* **Work to be completed**:
Every line from the one containing "Question: Please identify" to the end of the records below should be returned exactly; pictures are to be dropped.
*** Opening of The input ***
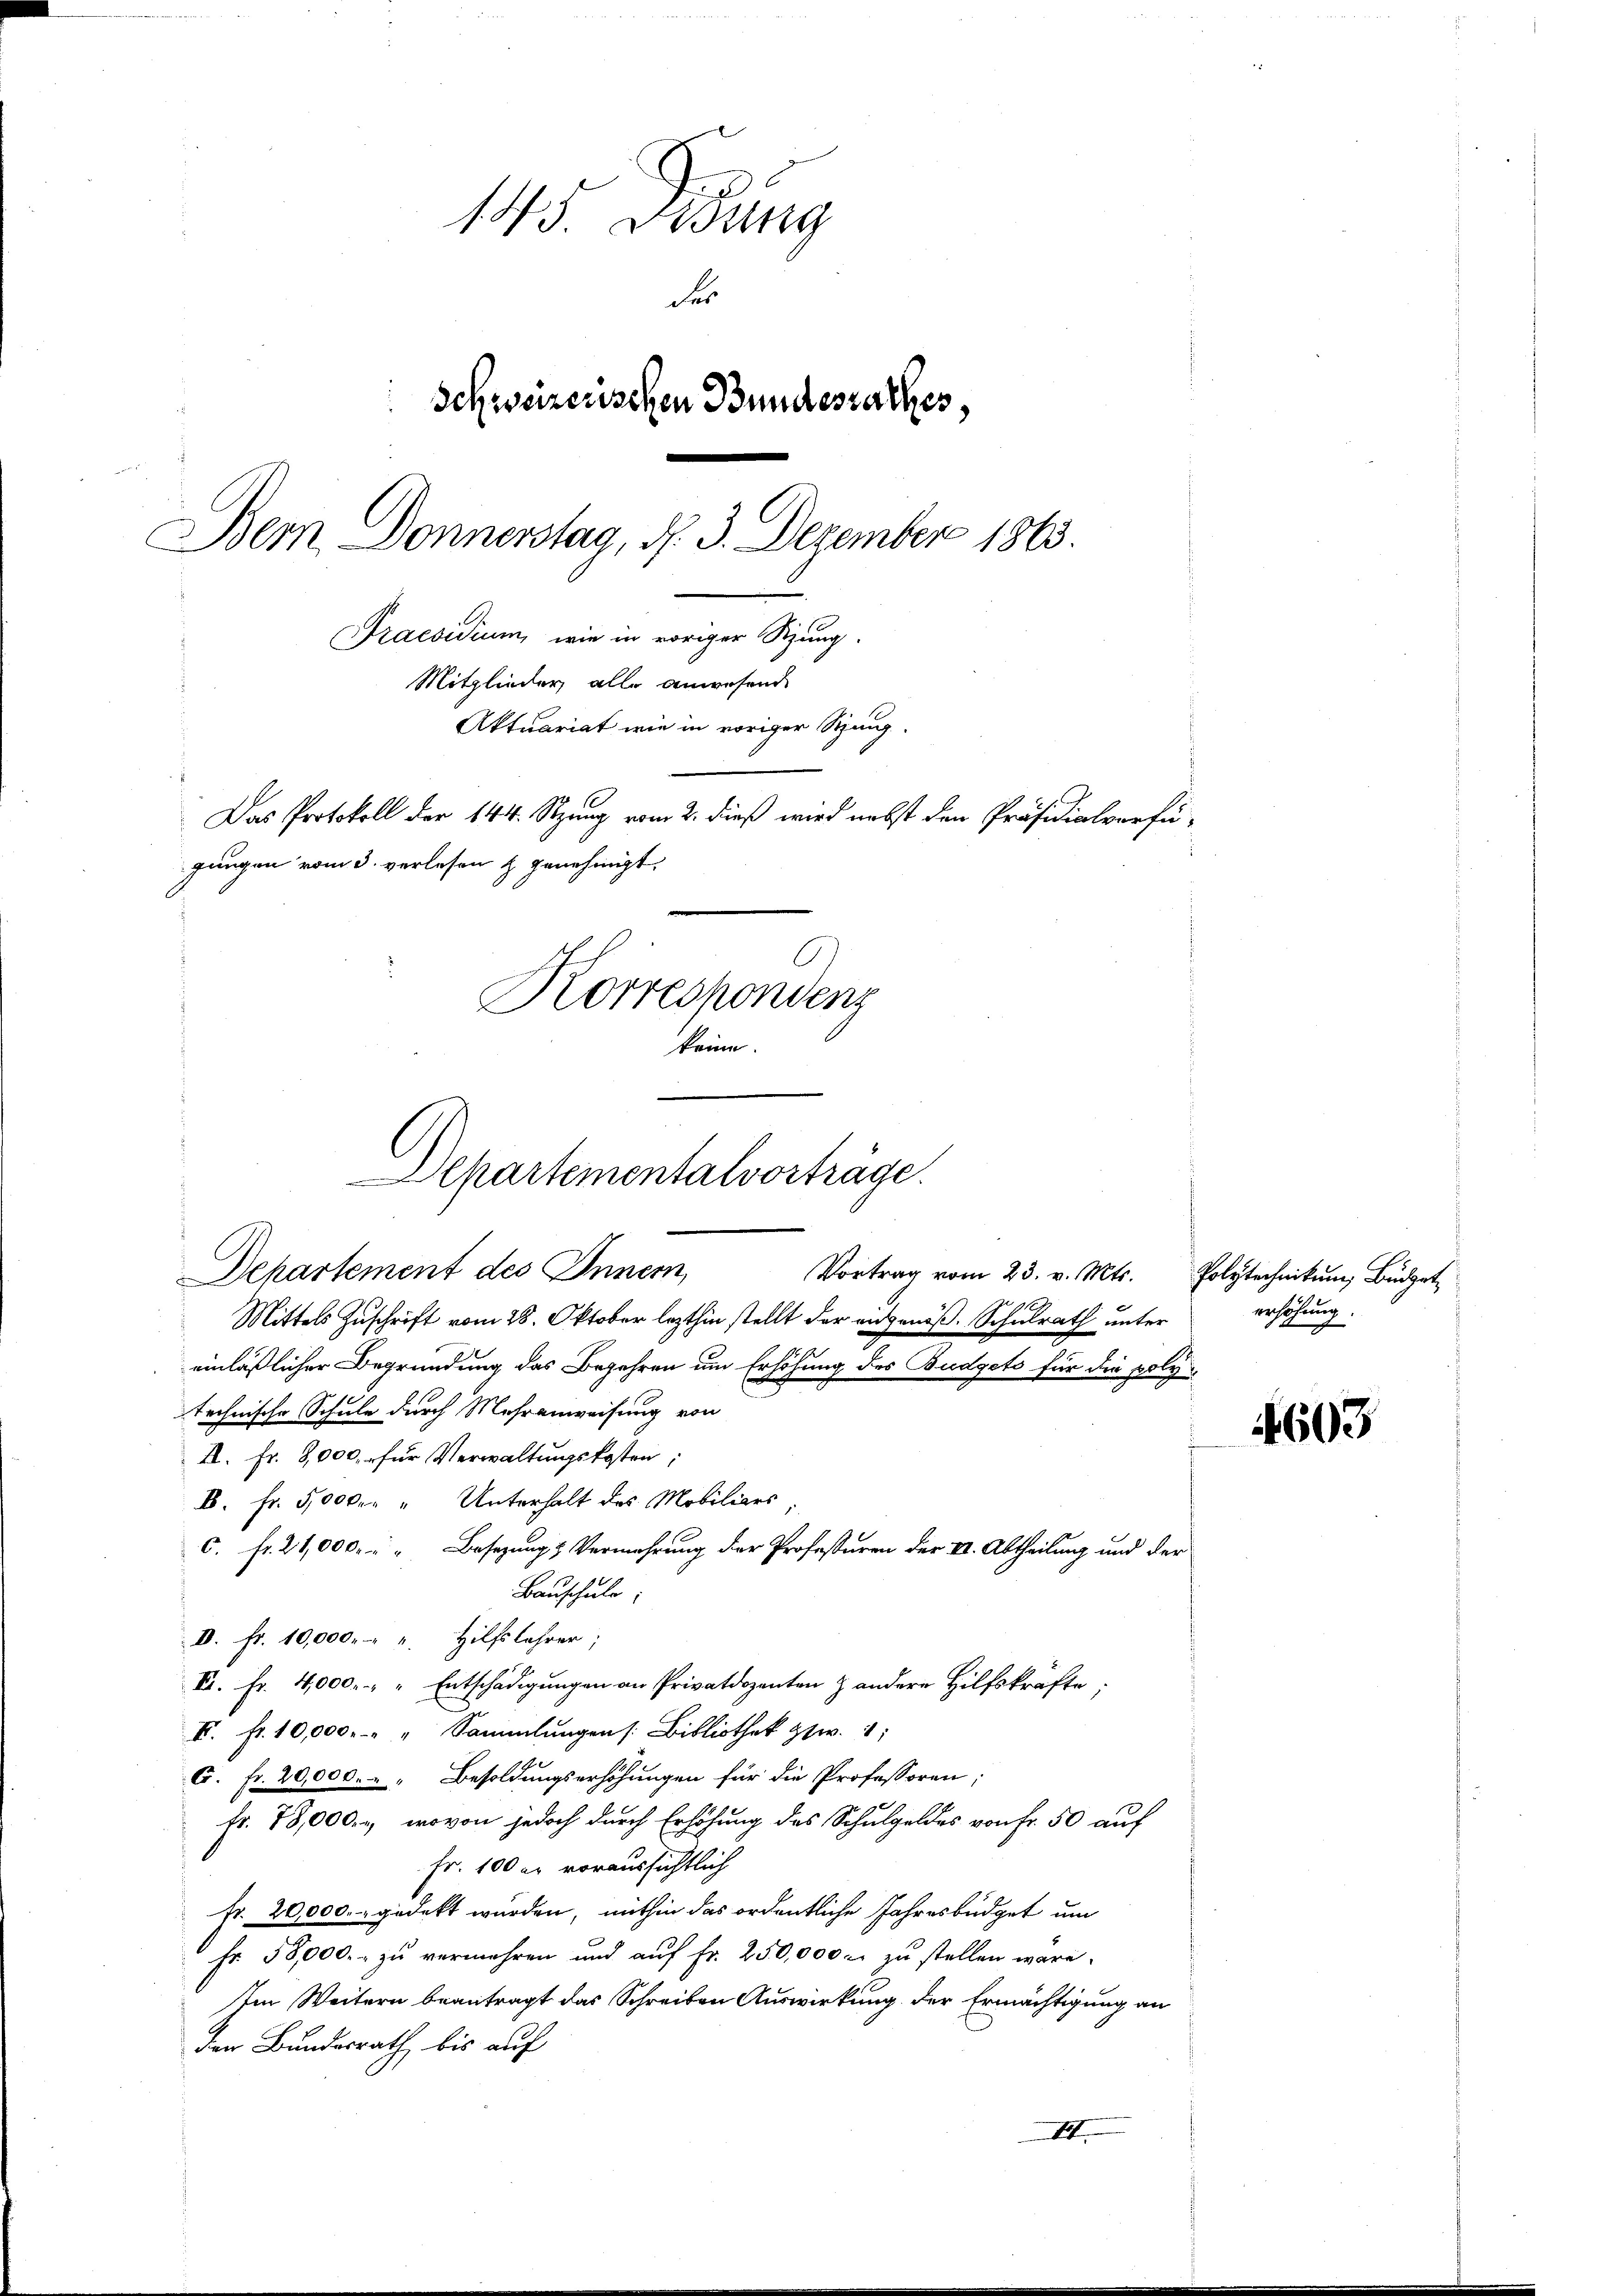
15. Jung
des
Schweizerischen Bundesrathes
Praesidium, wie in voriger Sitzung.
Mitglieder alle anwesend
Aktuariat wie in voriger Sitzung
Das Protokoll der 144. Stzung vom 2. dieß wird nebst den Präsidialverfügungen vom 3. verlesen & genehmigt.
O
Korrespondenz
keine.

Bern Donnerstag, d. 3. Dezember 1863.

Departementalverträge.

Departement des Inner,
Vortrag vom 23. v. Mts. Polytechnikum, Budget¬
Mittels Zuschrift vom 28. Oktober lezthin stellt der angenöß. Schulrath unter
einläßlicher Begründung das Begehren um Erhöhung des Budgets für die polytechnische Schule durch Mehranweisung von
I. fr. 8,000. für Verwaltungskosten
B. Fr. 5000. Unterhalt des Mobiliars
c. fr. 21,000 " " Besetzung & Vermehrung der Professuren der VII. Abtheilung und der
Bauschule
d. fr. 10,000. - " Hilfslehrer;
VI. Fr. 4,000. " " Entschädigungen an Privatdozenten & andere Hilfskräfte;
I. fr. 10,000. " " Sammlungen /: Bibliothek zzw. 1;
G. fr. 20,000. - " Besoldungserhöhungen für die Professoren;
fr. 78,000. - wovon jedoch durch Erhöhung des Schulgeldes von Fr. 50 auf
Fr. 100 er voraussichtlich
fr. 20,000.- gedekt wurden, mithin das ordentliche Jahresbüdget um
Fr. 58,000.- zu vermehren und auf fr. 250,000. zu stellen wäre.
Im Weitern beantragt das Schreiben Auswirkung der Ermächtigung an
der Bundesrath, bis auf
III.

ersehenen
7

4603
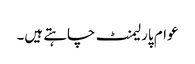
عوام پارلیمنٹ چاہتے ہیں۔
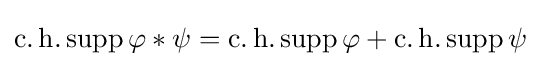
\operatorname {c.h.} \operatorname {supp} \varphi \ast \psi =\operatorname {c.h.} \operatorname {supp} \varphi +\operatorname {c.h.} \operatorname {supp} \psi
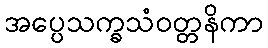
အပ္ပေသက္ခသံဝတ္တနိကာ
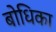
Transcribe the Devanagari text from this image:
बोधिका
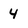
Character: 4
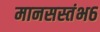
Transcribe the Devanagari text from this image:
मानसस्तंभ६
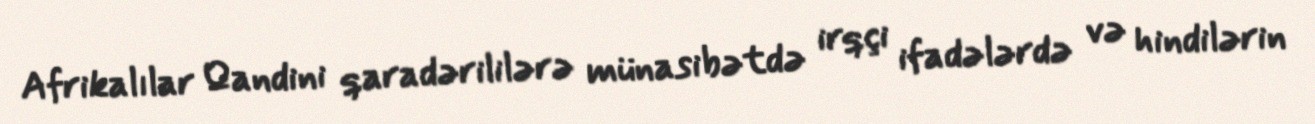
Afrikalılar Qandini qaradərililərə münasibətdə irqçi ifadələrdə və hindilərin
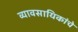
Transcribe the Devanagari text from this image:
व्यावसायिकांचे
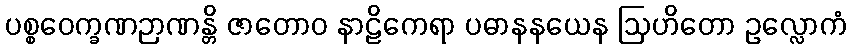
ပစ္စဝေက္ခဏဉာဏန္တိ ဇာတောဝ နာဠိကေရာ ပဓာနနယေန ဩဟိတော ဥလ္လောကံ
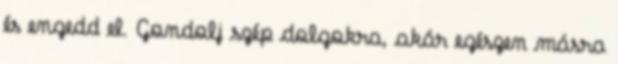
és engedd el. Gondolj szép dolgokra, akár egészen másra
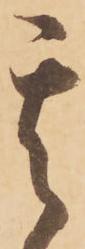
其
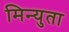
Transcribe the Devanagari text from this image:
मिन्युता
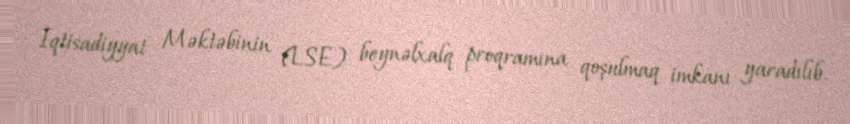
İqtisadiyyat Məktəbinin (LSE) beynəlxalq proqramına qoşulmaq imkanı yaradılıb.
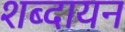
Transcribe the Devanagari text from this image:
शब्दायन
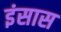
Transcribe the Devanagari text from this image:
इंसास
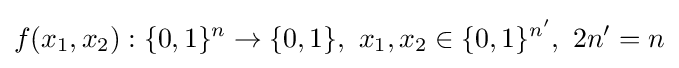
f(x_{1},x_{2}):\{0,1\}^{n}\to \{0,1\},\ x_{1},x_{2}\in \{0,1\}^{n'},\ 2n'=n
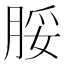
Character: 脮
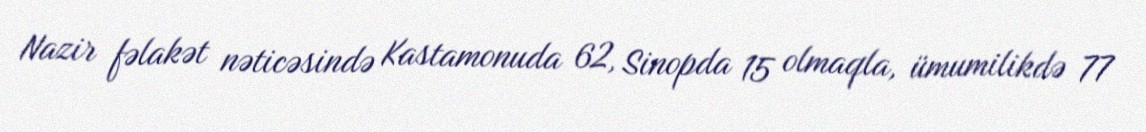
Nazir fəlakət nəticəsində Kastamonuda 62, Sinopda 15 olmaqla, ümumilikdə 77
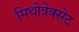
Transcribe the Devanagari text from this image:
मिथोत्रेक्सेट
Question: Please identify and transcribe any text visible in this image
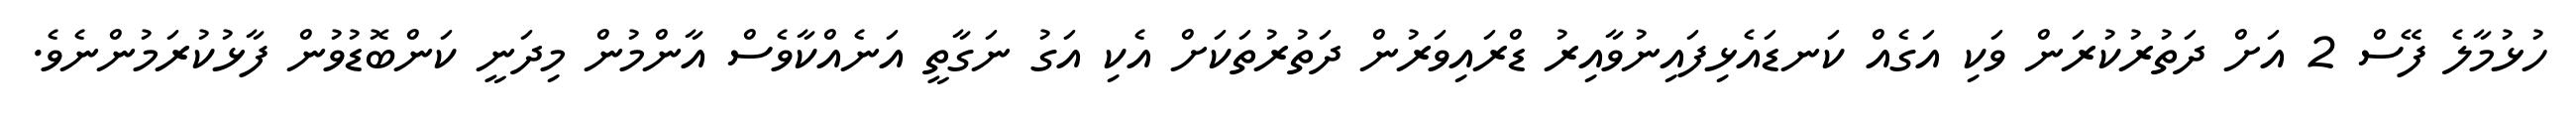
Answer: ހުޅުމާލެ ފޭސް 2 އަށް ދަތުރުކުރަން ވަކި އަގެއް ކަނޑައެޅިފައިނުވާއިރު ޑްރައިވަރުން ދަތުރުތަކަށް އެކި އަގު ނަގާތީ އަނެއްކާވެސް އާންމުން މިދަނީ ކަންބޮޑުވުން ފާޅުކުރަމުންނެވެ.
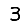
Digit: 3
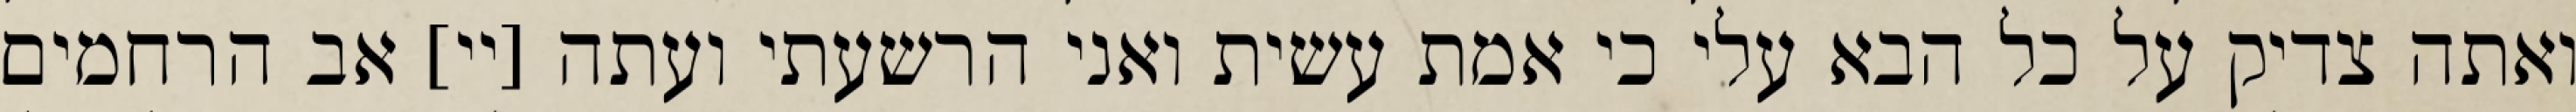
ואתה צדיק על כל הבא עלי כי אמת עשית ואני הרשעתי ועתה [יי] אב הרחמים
*** Close of The input ***
* **Expected output**:
Question: Please identify and transcribe any text visible in this image
Answer: ހުޅުމާލެ ފޭސް 2 އަށް ދަތުރުކުރަން ވަކި އަގެއް ކަނޑައެޅިފައިނުވާއިރު ޑްރައިވަރުން ދަތުރުތަކަށް އެކި އަގު ނަގާތީ އަނެއްކާވެސް އާންމުން މިދަނީ ކަންބޮޑުވުން ފާޅުކުރަމުންނެވެ.
Digit: 3
ואתה צדיק על כל הבא עלי כי אמת עשית ואני הרשעתי ועתה [יי] אב הרחמים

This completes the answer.